Contrasting our hypothesis, the ERN was increased in the HBW group. The ERN is an early signal for performance adaptations after an error occurred (Ullsperger et al., 2014), implying that the HBW group is associated with enhanced performance monitoring. This contrasts with prior reports of reduced ERN amplitudes in addictive behaviors (Franken et al., 2018; Littel et al., 2012; Zhou et al., 2013) and is interesting in light of recent meta-analytic evidence that increased vs. decreased ERN may be a risk-marker for internalizing vs. externalizing disorders, respectively (Pasion & Barbosa, 2019). Provided our ERN result is replicated, this would indicate an internalizing component of BW that seems consistent with the vicious circle account (Panda & Pandey, 2017). Additionally, ERN amplitudes were more pronounced in the loss compared to the gain context which replicates previous studies (Endrass et al., 2010; Potts, 2011; Potts et al., 2006; Riesel et al., 2012). Increased performance monitoring in the face of punishment is in line with findings that motivational factors modulate the performance monitoring system, but it also suggests that cognitive engagement was greater in the face of potential losses relative to gains (Potts, 2011). Although previous research showed that anxiety sensitivity increased and impulsivity decreased (Riesel et al., 2012) the preferential processing of aversive stimuli (Potts et al., 2006), group differences regarding context influences on ERN have not been observed in the current study. However, great caution is advised with this interpretation, particularly given the small effects we observed. In sum, we believe that this surprising result underlines our above-mentioned point to remedy the heterogeneity of ERP results in addictive and excessive behaviors with larger and more meaningful samples.

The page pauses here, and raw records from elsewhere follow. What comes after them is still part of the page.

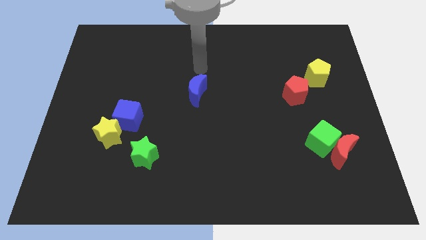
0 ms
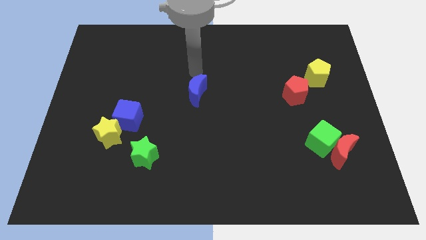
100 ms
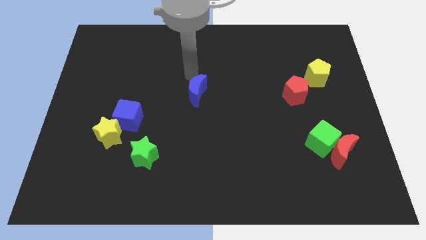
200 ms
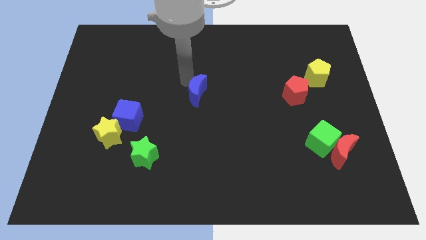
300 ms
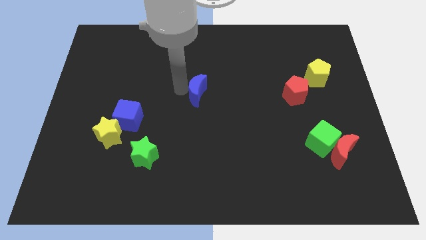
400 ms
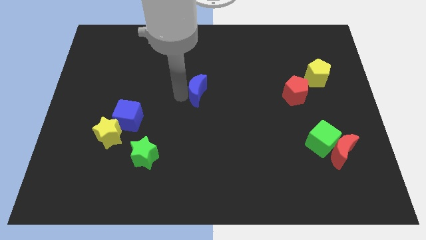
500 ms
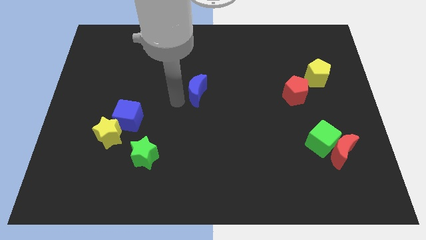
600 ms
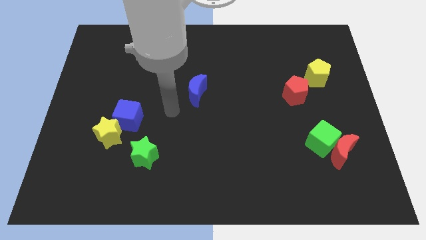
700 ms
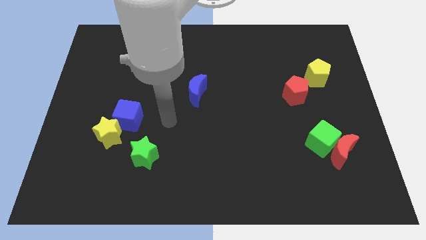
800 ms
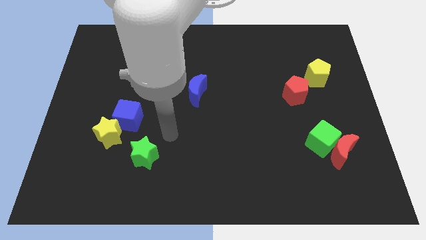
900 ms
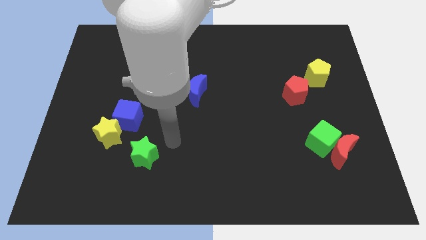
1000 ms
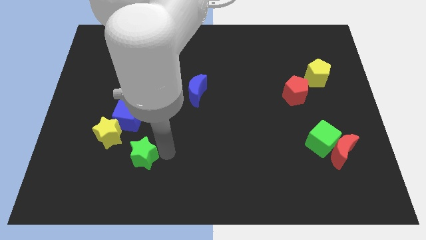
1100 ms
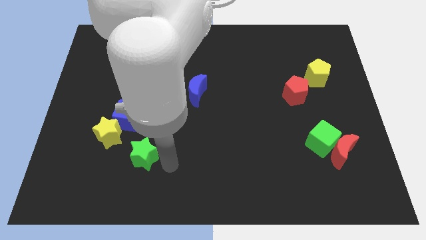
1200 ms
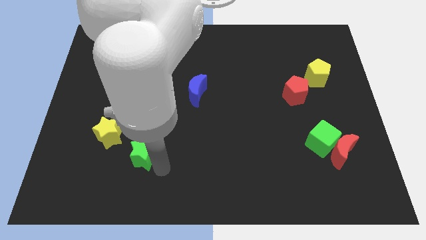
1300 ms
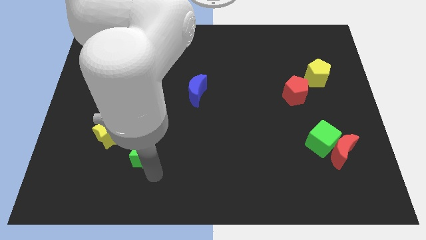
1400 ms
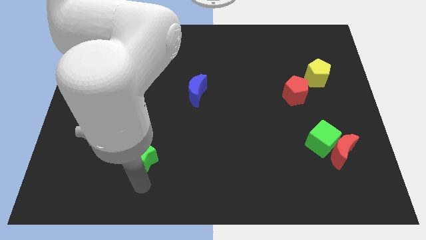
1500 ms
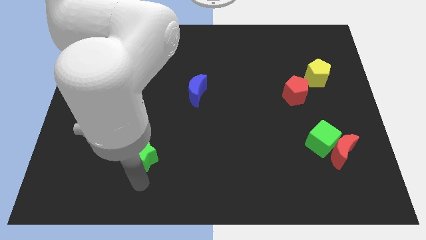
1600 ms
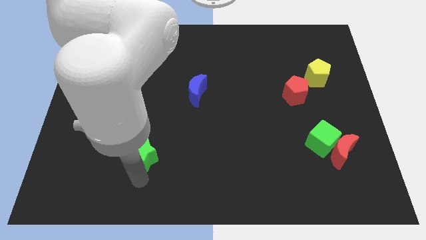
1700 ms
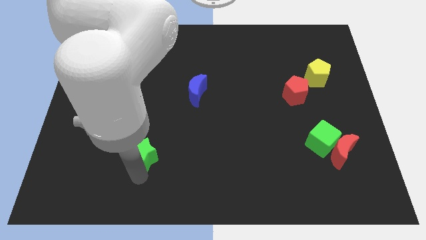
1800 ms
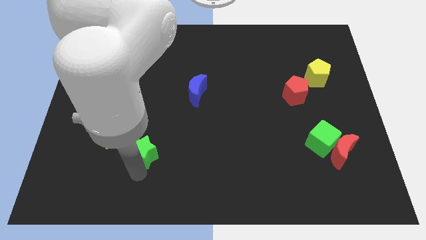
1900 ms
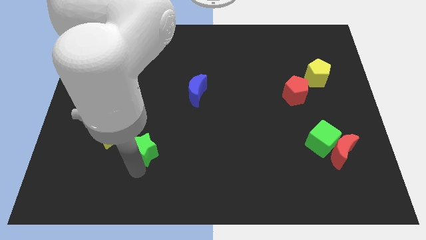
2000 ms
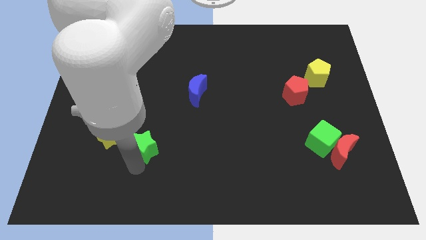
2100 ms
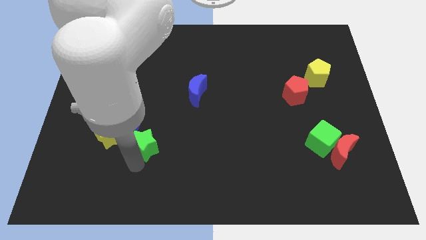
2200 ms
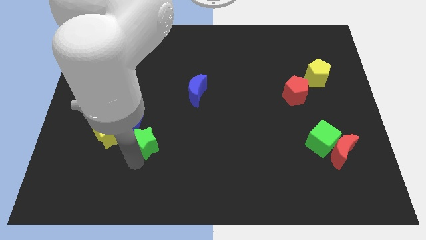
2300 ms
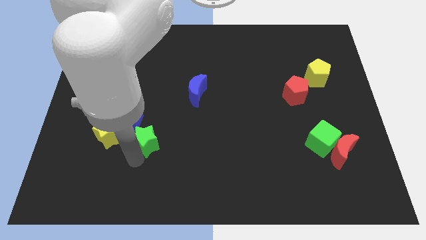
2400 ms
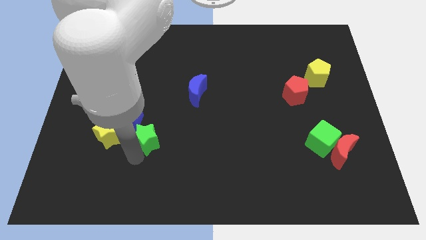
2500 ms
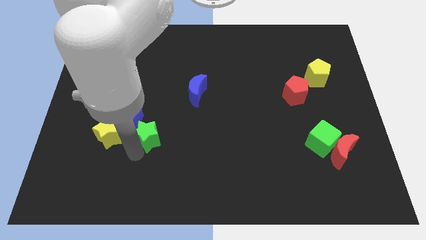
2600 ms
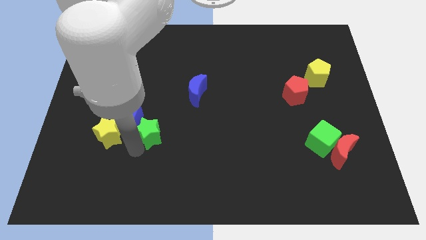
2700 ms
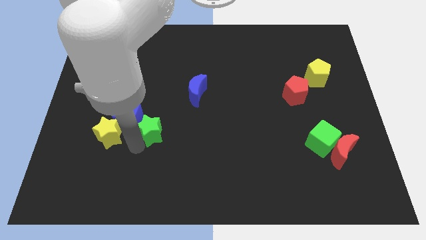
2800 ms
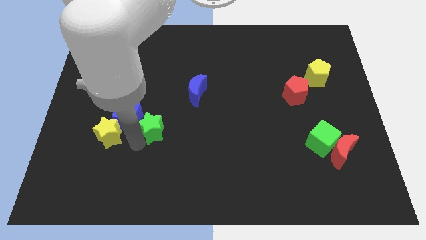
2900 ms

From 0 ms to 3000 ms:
slightly move the green star upwards

Limitations of the present study concern sample composition and definition of binge watching. The sample size was too small to allow correlative analyses with enough statistical power. Furthermore, descriptive analyses showed that most participants had high levels of education which is indicative for higher cognitive control and therefore could have led to a bias towards better performance in the behavioral tasks. Furthermore, binge watching and the group classification were defined by the number of binge-watching episodes during a specified period. Psychological symptoms were not considered. Recent studies have shown the usefulness of including psychological symptoms in the definition of binge watching. Therefore, a questionnaire assessing different symptoms related to problematic binge watching should be used (e. g. Series Watching Engagement Scale, Toth-Kiraly et al., 2017). Moreover, it should be considered that binge watching is currently not classified as a mental disorder, even though an addictive potential is debated. Given the lower severity of binge watching, changes on the behavioral or self-report level might not be observable. Finally, behavioral effects for reduced inhibitory performance could not be detected, although the HBW group reported higher impulsivity as measured with BIS-11 score. Also, neither a main effect of context nor an interaction effect of group and motivational context were observed in the MIFLAT.

In conclusion, this study examined neural correlates of cognitive control in binge watching for the first time. Affected individuals showed larger P3a, P3b, and ERN amplitudes compared to individuals without BW behavior. Results indicated poorer response inhibition in BW, similar to findings in behavioral addictions. On the other hand, an altered performance monitoring was observed contradicting the supposed classification. More research is needed to better understand BW behavior and its neuronal correlates.

Authors contribution

TE, CK, KLB, and RO were responsible for the study concept and design. CK and KLB recruited participants and recorded EEG data. CK, KLB, and TE analyzed the data. CK, KLB, RD, and TE were responsible for interpretation. CK and KLB drafted the manuscript and TE, RD, and RO provided critical revisions of the manuscript. All authors critically reviewed the content of the manuscript and approved the final version for publication.